I chose to subtract from the delay and sound timers in the “decode” phase of the cycle. Technically, with my current implementation, the delay timer wouldn’t work all that great thanks to the fact that I chose to speed up the base clock of the CPU to make keyboard entry and graphical output more functional/fluid. This is something I’ll likely fix in the future. I will possibly include this as a fix before I expand the CHIP8 code I have now into a web assembly project/tool.

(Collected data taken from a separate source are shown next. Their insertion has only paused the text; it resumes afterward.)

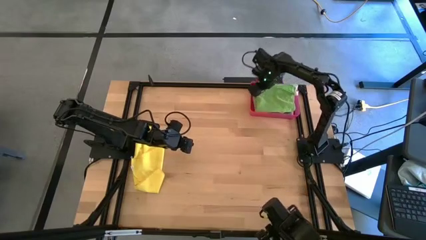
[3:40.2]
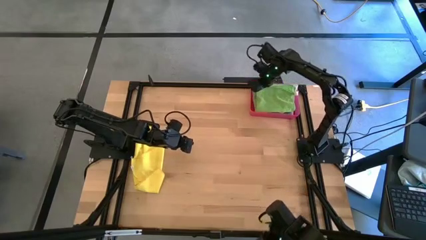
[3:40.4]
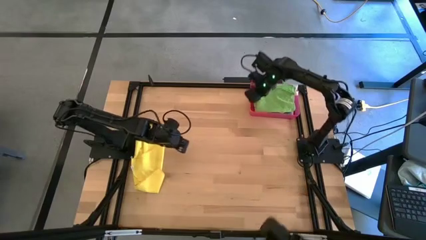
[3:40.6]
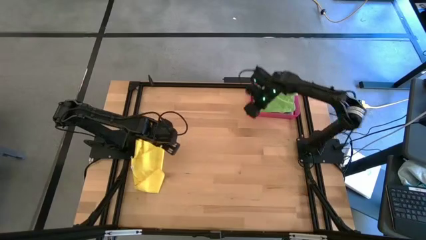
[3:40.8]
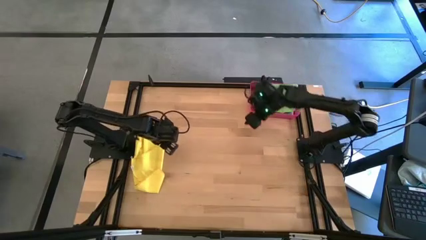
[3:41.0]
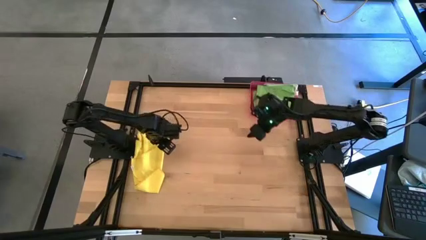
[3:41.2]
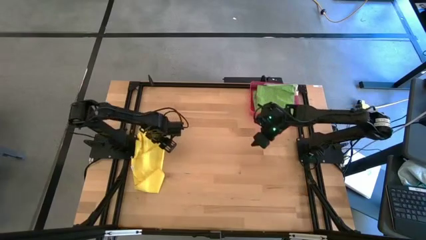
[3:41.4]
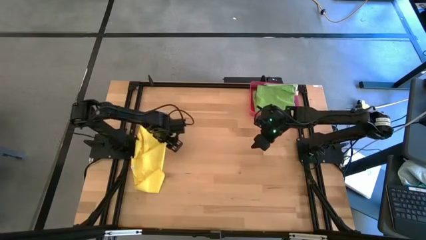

The only other interesting feature of the CPU implementation is for the 0xD, or draw, instruction. That piece I will cover in the next section on graphics.
The Graphics
The only part of the graphical implementation that is directly related to the CHIP8 specification is the instruction used to draw to the video buffer. Everything else graphics related is drawing the video buffer with SDL2 .
The 0xDxyn Instruction
This is a mildly infamous instruction thanks to its difficulty to implement properly (especially compared to the relatively straightforward instructions leading up to this one). There’s a lot of ways to go about it, but this is how I tackled this piece. Firstly, there is the video buffer. The CHIP8 video buffer is a 64x32-pixel buffer made up of monochrome (1-bit) pixels. I represented it with the following matrix:
uint8_t screen[8][32];
You may have noticed that the x-dimension is set to 8 bytes. This is due to the fact that, in the x-direction, each bit within each byte is a pixel. Given 8 bits to a byte, this makes our 64x32 matrix.
Next, the instruction definition:
switch(instr_t) {
// ...
case 0xD:
/* drw / draw sprite from I at (Vx, Vy)*/
V[0xF] = 0;
for(int i = 0; i < (instr_bus&0x000F); i++) {
int index_x, index_y, offset;
index_x = V[x]>>3; // which byte to access
index_y = (V[y] + i) % 32; // height of byte
offset = 8-(V[x]%8); // offset of wrapped byte
// collision detection:
if((screen[index_x][index_y] & (mem[I+i]>>(V[x]%8))) ||
(screen[(index_x+1)%8][index_y] & (mem[I+i]<<offset))) {
V[0xF] = 1;
}
// write to buffer
screen[index_x][index_y] ^= (mem[I+i]>>(V[x]%8));
screen[(index_x+1)%8][index_y] ^= (mem[I+i]<<offset);
}
break;
// ...
}
As you can see, it’s not exactly the most straightforward piece of code, especially if you decide to represent each pixel with a bit and not a byte. The byte representation makes for a much easier implementation, but is less compact (no need to set bits to 1 and 0, just set the whole byte).
A few things to note about the implementation:
- Note that
x >> yis equivalent tox * 2^y. SoV[x]>>3is reallyV[x] * 2^3or simplyV[x] * 8. The opposite holds true, as well (x << yisx / 2^y). - You always have to keep wrapped bits in mind. If you draw 4 horizontal pixels to the buffer at bit position 63 (indexed at 0), there are 3 bits hanging off that need to be drawn. The CHIP8 specification says that those bit should be wrapped around to
x = x + 1at the sameylevel. - Collision should be checked before writing to the buffer. I used bit-wise
&to check for collisions, but there are other ways to do this, as well. Collisions result in the colliding pixel to turn off, thanks to theXORoperation that the CHIP8 specification requires for writing to the buffer.